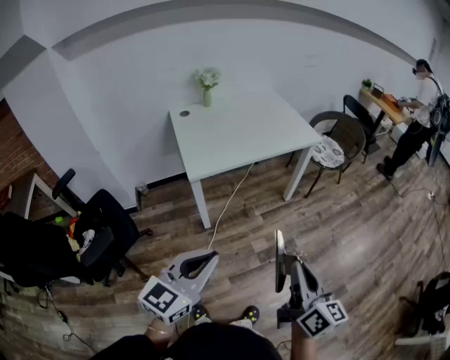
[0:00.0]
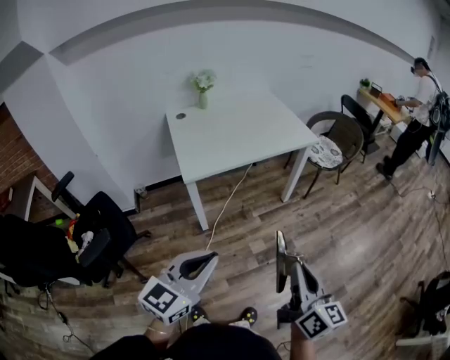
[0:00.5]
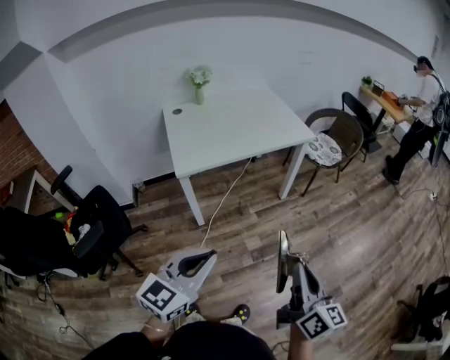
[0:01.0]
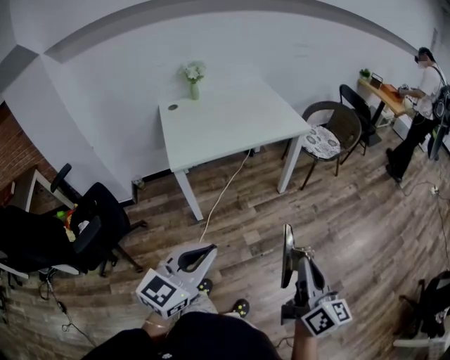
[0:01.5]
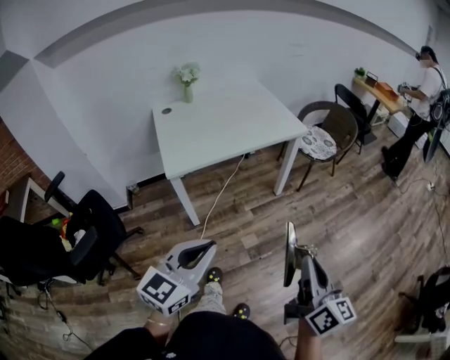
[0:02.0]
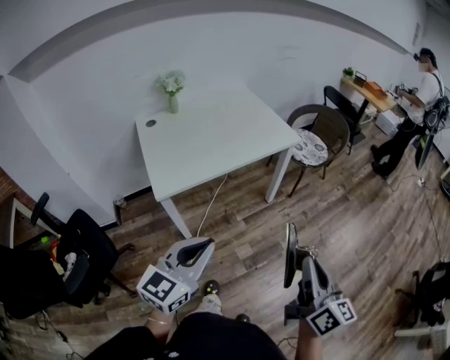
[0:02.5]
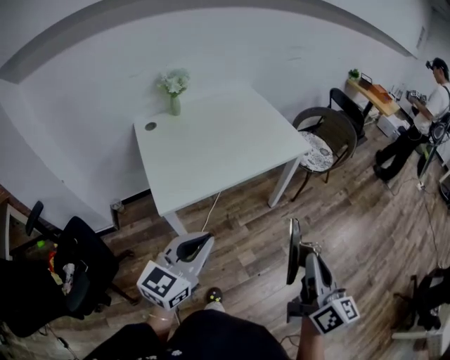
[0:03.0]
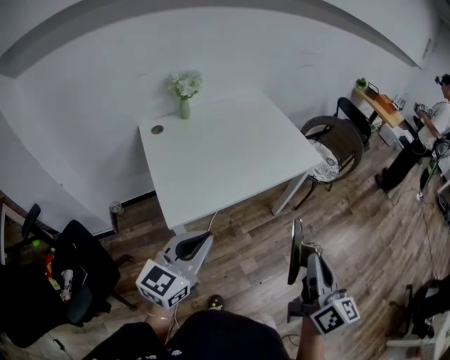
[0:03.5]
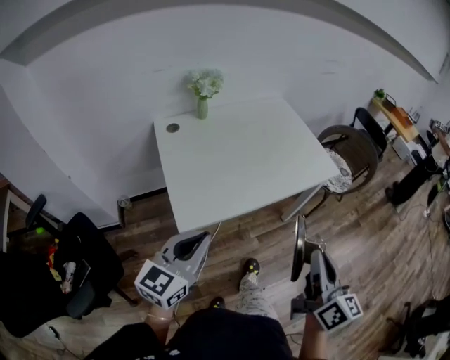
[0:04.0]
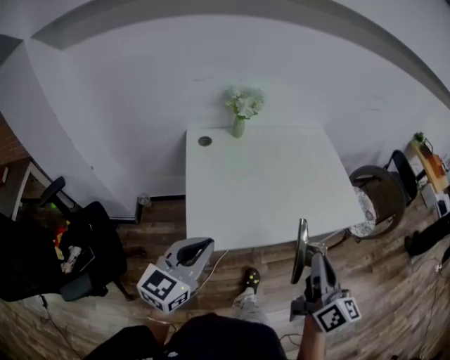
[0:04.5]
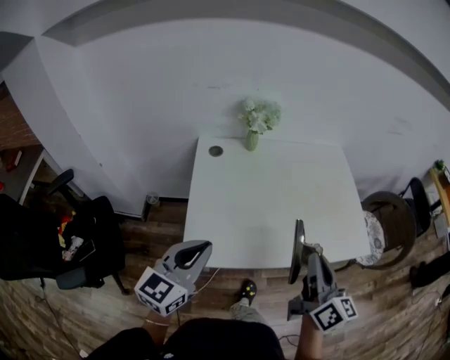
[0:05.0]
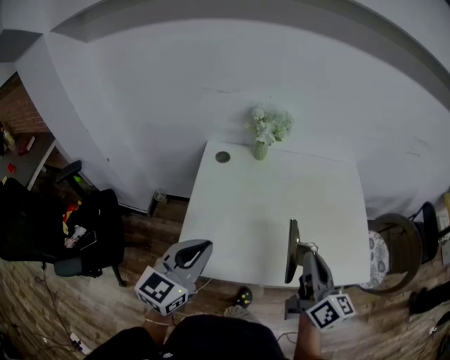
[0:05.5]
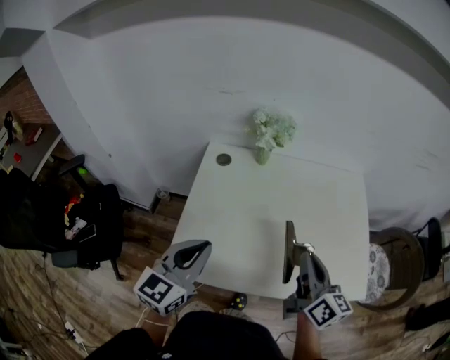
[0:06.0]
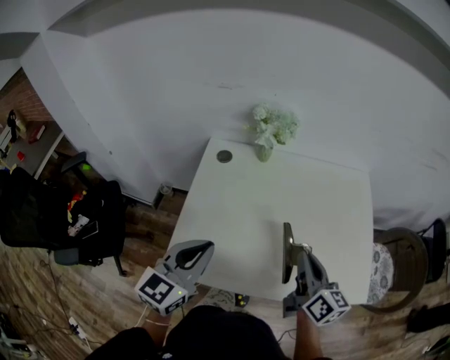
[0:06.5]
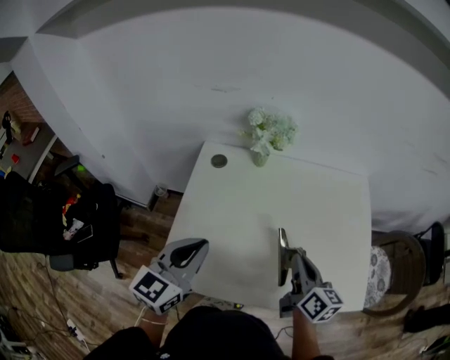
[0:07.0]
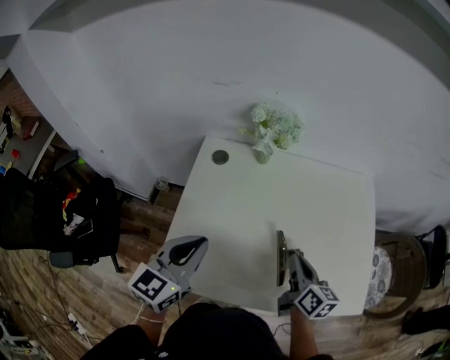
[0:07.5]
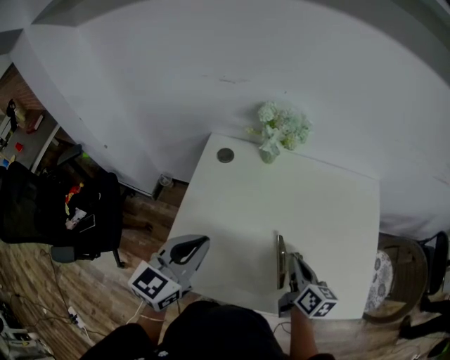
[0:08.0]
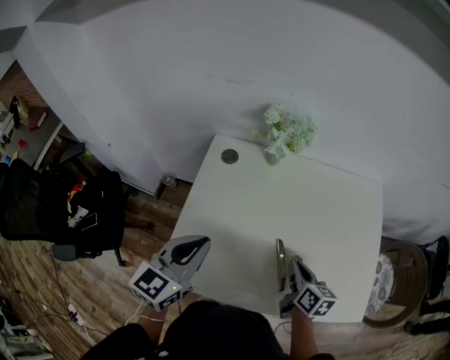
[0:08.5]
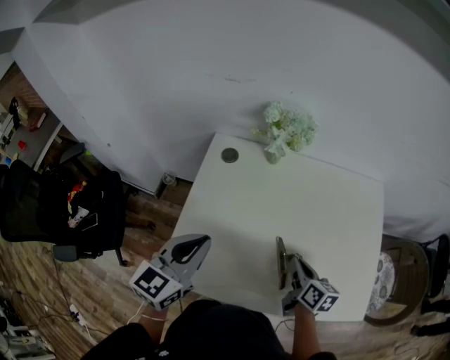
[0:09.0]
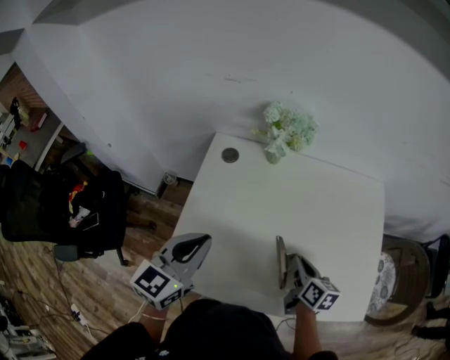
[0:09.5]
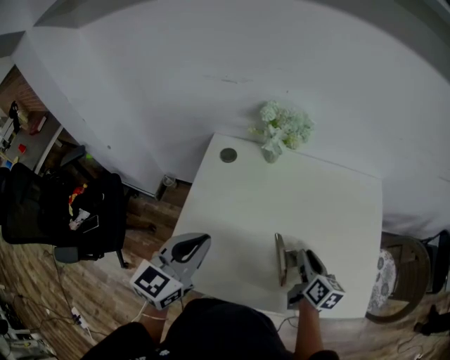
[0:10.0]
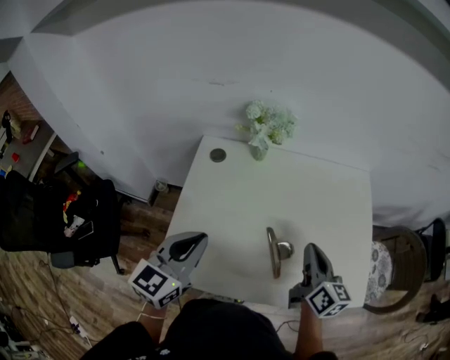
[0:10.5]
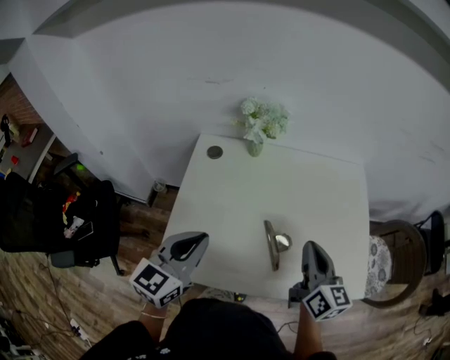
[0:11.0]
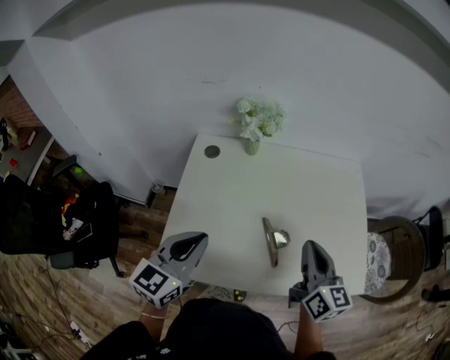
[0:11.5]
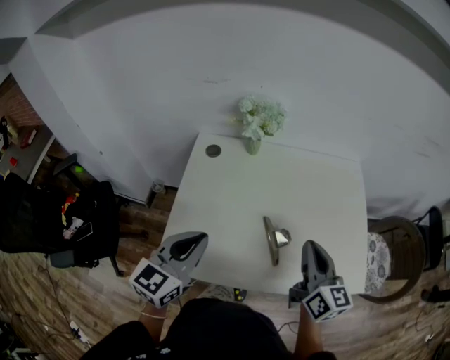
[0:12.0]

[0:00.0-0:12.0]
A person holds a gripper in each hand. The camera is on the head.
0:00.0 to 0:02.0: The left gripper heads to the right and forward, covering about 10 cm; the right gripper shifts some 10 cm to the right.
0:02.0 to 0:04.0: The grippers both shift forward and to the left by about 35 cm.
0:04.0 to 0:06.0: The right gripper shifts by roughly 40 cm, and changes its angle by roughly 40 degrees. Meanwhile the left gripper changes place by roughly 20 cm, and swivels approximately 30 degrees.
0:06.0 to 0:08.0: The left gripper goes roughly 10 cm forward; the right gripper travels downward and forward by about 15 cm, and rotates some 20 degrees.
0:08.0 to 0:10.0: The right gripper opens up.
0:10.0 to 0:12.0: The right gripper moves upward and backward, approximately 15 cm, rotates some 30 degrees, and closes its fingers. The left gripper travels backward by approximately 5 cm.

__What the task requires__.
Everything from the first line of the entries through the line that contains "[0:00.0-0:12.0]" is to be reproduced exactly, except the pictures.

__Problem solution__.
[0:00.0]
[0:00.5]
[0:01.0]
[0:01.5]
[0:02.0]
[0:02.5]
[0:03.0]
[0:03.5]
[0:04.0]
[0:04.5]
[0:05.0]
[0:05.5]
[0:06.0]
[0:06.5]
[0:07.0]
[0:07.5]
[0:08.0]
[0:08.5]
[0:09.0]
[0:09.5]
[0:10.0]
[0:10.5]
[0:11.0]
[0:11.5]
[0:12.0]

[0:00.0-0:12.0]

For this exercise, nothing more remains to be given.